There are also other timebased datas connected to the sensor but captured and stored by myself (pos0_value, pos1_price, pos2_price ). These are values that change on different times due to different events and they're valid from the time I inserted the value to the time I inserted a new one. All these data are important for calculations I need.
So, this was a lot of jibberish talk. For a better understanging, here's the plain data I have:
The actual data:
time | sensor_uuid | sensor_delta | pos0_value | pos1_value | pos2_value |
---|---|---|---|---|---|
2021-06-20 00:00:00 | f5778d7c-46a4-3d6b-8b40-133569cd2f01 | 514.91 | 9.85 | 0.3462 | 19.8263 |
2021-06-23 00:00:00 | f5778d7c-46a4-3d6b-8b40-133569cd2f01 | NULL | NULL | 0.2228 | NULL |
2021-06-27 00:00:00 | f5778d7c-46a4-3d6b-8b40-133569cd2f01 | NULL | NULL | NULL | 18.8928 |
2021-06-30 00:00:00 | f5778d7c-46a4-3d6b-8b40-133569cd2f01 | 560.28 | NULL | NULL | NULL |
What I want to do with these data is the following:
- calculate the daily sensor_delta from the newest to the previous entry (sensor_deltanew)

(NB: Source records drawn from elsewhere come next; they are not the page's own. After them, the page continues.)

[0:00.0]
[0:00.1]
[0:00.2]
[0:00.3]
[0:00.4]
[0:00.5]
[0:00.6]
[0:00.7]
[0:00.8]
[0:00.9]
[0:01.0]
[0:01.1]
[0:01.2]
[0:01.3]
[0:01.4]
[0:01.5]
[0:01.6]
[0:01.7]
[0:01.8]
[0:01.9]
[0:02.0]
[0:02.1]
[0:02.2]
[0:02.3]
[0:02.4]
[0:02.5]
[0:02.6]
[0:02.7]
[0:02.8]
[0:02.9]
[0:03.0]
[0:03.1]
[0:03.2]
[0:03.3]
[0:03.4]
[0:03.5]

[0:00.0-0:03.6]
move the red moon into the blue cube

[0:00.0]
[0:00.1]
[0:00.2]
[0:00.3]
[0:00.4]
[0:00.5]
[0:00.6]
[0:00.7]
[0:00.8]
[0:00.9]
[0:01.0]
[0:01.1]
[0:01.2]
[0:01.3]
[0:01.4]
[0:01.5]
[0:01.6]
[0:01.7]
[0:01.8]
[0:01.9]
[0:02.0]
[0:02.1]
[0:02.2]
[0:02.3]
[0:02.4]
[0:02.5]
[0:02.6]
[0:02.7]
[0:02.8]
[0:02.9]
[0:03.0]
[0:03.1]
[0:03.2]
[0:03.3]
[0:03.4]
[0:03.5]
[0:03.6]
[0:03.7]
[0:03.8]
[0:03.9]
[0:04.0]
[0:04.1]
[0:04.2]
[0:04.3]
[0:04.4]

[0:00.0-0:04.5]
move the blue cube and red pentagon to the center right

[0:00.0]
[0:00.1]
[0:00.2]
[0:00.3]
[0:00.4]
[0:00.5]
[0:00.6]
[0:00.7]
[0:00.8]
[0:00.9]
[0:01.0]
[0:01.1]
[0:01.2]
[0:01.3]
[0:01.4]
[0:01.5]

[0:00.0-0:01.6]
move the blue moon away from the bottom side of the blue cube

- get the valid value for the queried day or time-range
- calculate new data based on the recorded ones for each day
The dates I need:
- calcval1_daily = sensor_delta_daily*pos1_daily+pos0_daily
- calcval2_daily = sensor_delta_daily+pos2_daily+calcval1_daily
day | sensor_delta_daily | pos0_daily | pos1_daily | pos2_daily | calcval1_daily | calcval2_daily |
---|---|---|---|---|---|---|
2021-06-20 | 514.91 | 9.85 | 0.3462 | 19.8263 | 188,111842 | 722,848142 |
2021-06-21 | 56.028 | 9.85 | 0.3462 | 19.8263 | 29,2468936 | 105.1011936 |
2021-06-22 | 56.028 | 9.85 | 0.3462 | 19.8263 | 29,2468936 | 105.1011936 |
2021-06-23 | 56.028 | 9.85 | 0.2228 | 19.8263 | 22,3330384 | 98,1873384 |
2021-06-24 | 56.028 | 9.85 | 0.2228 | 19.8263 | 22,3330384 | 98,1873384 |
2021-06-25 | 56.028 | 9.85 | 0.2228 | 19.8263 | 22,3330384 | 98,1873384 |
2021-06-26 | 56.028 | 9.85 | 0.2228 | 19.8263 | 22,3330384 | 98,1873384 |
2021-06-27 | 56.028 | 9.85 | 0.2228 | 18.8928 | 22,3330384 | 97,2538384 |
2021-06-28 | 56.028 | 9.85 | 0.2228 | 18.8928 | 22,3330384 | 97,2538384 |
2021-06-29 | 56.028 | 9.85 | 0.2228 | 18.8928 | 22,3330384 | 97,2538384 |
2021-06-30 | 56.028 | 9.85 | 0.2228 | 18.8928 | 22,3330384 | 97,2538384 |
2021-07-01 | NULL | 9.85 | 0.2228 | 18.8928 | NULL | NULL |
2021-07-02 | NULL | 9.85 | 0.2228 | 18.8928 | NULL | NULL |
2021-07-03 | NULL | 9.85 | 0.2228 | 18.8928 | NULL | NULL |
As soon as the next sensor_delta has been inserted, the sensor_delta_daily should be updated until 2021-07-01.
I know, this was a lot. I also got my hands on this scenario and the only solution I came up with so far is the Query mentioned above which kinda returns the dataset I want (I left out the pos2_value and calcval2_daily). But the more datapositions I have, the more the Query will stack up and I have a feeling the Query get's reeeally big, unreadable and slow.
Do you have any ideas how to solve this scenario?